If a source is followed by '*', the gene feature is not present in that particular species, although there is evidence for it, e.g.
hgm_info "...,6E*-108";
means that the gene feature is not present in the gene set of species 6, but has RNA-Seq support - a sign for a false negative in species 6, in particular if
the gene feature is present and has strong evidence in many of the other species.
# gene feature level:
#
#
# number/% of features with exact homologs in at least k other genomes:
#
#---------------------------------------------------------------------------------------------------
# k CDS Intr Exon Intr+Exon
#---------------------------------------------------------------------------------------------------
#
# 0 6 100.0% 5 100.0% 6 100.0% 11 100.0% *************************
# 1 6 100.0% 5 100.0% 5 83.3% 10 90.9% **********************
# 2 5 83.3% 4 80.0% 4 66.7% 8 72.7% ******************
# 3 5 83.3% 4 80.0% 4 66.7% 8 72.7% ******************
# 4 5 83.3% 4 80.0% 4 66.7% 8 72.7% ******************
# 5 2 33.3% 1 20.0% 2 33.3% 3 27.3% ******
# 6 0 0.0% 0 0.0% 0 0.0% 0 0.0%
# 7 0 0.0% 0 0.0% 0 0.0% 0 0.0%
#
# number/% of features supported by extrinsic evidence in at least k genomes :
#
#---------------------------------------------------------------------------------------------------
# k CDS Intr Exon Intr+Exon
#---------------------------------------------------------------------------------------------------
#
# 0 6 100.0% 5 100.0% 6 100.0% 11 100.0% *************************
# 1 6 100.0% 5 100.0% 0 0.0% 5 45.5% ***********
# 2 0 0.0% 4 80.0% 0 0.0% 4 36.4% *********
# 3 0 0.0% 3 60.0% 0 0.0% 3 27.3% ******
# 4 0 0.0% 0 0.0% 0 0.0% 0 0.0%
# 5 0 0.0% 0 0.0% 0 0.0% 0 0.0%
# 6 0 0.0% 0 0.0% 0 0.0% 0 0.0%
# 7 0 0.0% 0 0.0% 0 0.0% 0 0.0%
# 8 0 0.0% 0 0.0% 0 0.0% 0 0.0%
The gene feature level displays the cumulative sum of percentages of CDS/intron/exon features of the transcript T, that are
- consistent with CDS/intron/exon features in k other genomes (first table)
- are supported by hints in at least k genomes (second table)
Let's have a closer look at the first table.

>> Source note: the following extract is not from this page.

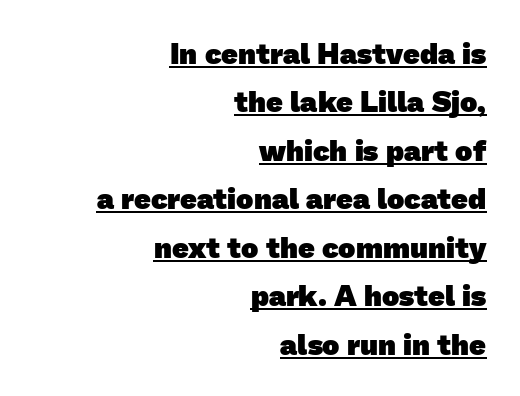
The image shows 29 px heavy sans-serif type; set right-aligned, normal line spacing (1.67x), normal letter spacing, underlined; low stroke contrast and a medium x-height.
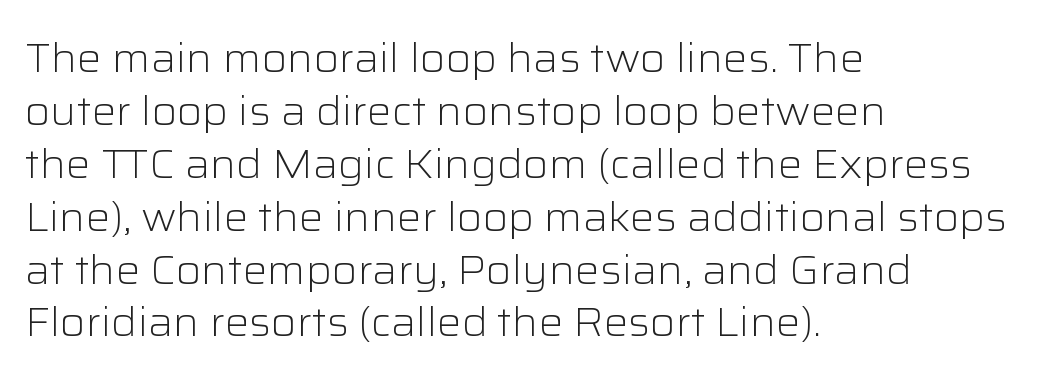
The image shows 41 px light sans-serif type, upright; set left-aligned, normal line spacing (1.29x), normal letter spacing, not underlined; low stroke contrast and a medium x-height.
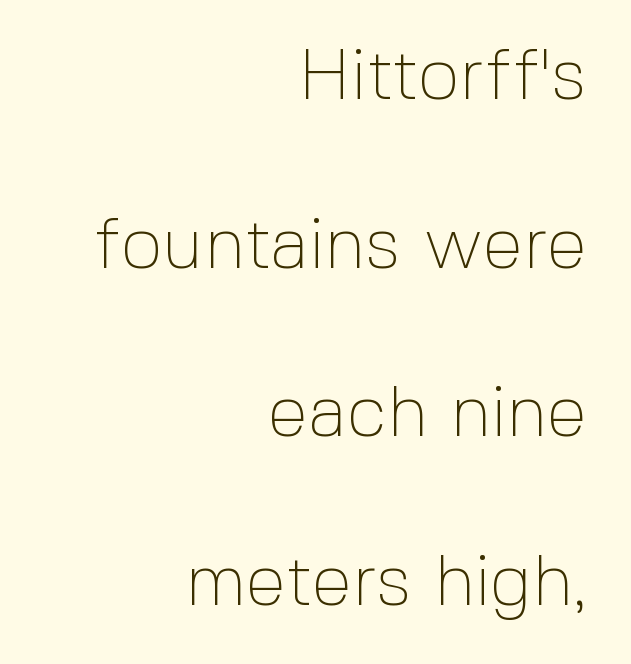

For k=3
#---------------------------------------------------------------------------------------------------
# k CDS Intr Exon Intr+Exon
#---------------------------------------------------------------------------------------------------
#
# 0 6 100.0% 5 100.0% 6 100.0% 11 100.0% *************************
# 1 6 100.0% 5 100.0% 5 83.3% 10 90.9% **********************
# 2 5 83.3% 4 80.0% 4 66.7% 8 72.7% ******************
# 3 5 83.3% 4 80.0% 4 66.7% 8 72.7% ******************
# 4 5 83.3% 4 80.0% 4 66.7% 8 72.7% ******************
# 5 2 33.3% 1 20.0% 2 33.3% 3 27.3% ******
# 6 0 0.0% 0 0.0% 0 0.0% 0 0.0%
# 7 0 0.0% 0 0.0% 0 0.0% 0 0.0%
we can see that
- 5 out of the 6 CDS exons (83.3%) are consistent with a CDS exon
- 4 out of the 5 introns (80.0%) are consistent with an intron
- 4 out of the 6 exons (66.7%) are consistent with an exon
in at least k=3 of the other gene sets.
For k=1, the second table shows that
#---------------------------------------------------------------------------------------------------
# k CDS Intr Exon Intr+Exon
#---------------------------------------------------------------------------------------------------
#
# 0 6 100.0% 5 100.0% 6 100.0% 11 100.0% *************************
# 1 6 100.0% 5 100.0% 0 0.0% 5 45.5% ***********
# 2 0 0.0% 4 80.0% 0 0.0% 4 36.4% *********
# 3 0 0.0% 3 60.0% 0 0.0% 3 27.3% ******
# 4 0 0.0% 0 0.0% 0 0.0% 0 0.0%
# 5 0 0.0% 0 0.0% 0 0.0% 0 0.0%
# 6 0 0.0% 0 0.0% 0 0.0% 0 0.0%
# 7 0 0.0% 0 0.0% 0 0.0% 0 0.0%
# 8 0 0.0% 0 0.0% 0 0.0% 0 0.0%
- 6 out of the 6 CDS exons (100.0%)
- 5 out of the 5 introns (100.0%)
are supported by evidence (any source) in at least k=1 of the gene sets.
Note that the database contains no 'exon' hints. Thus, none of the exon features have support.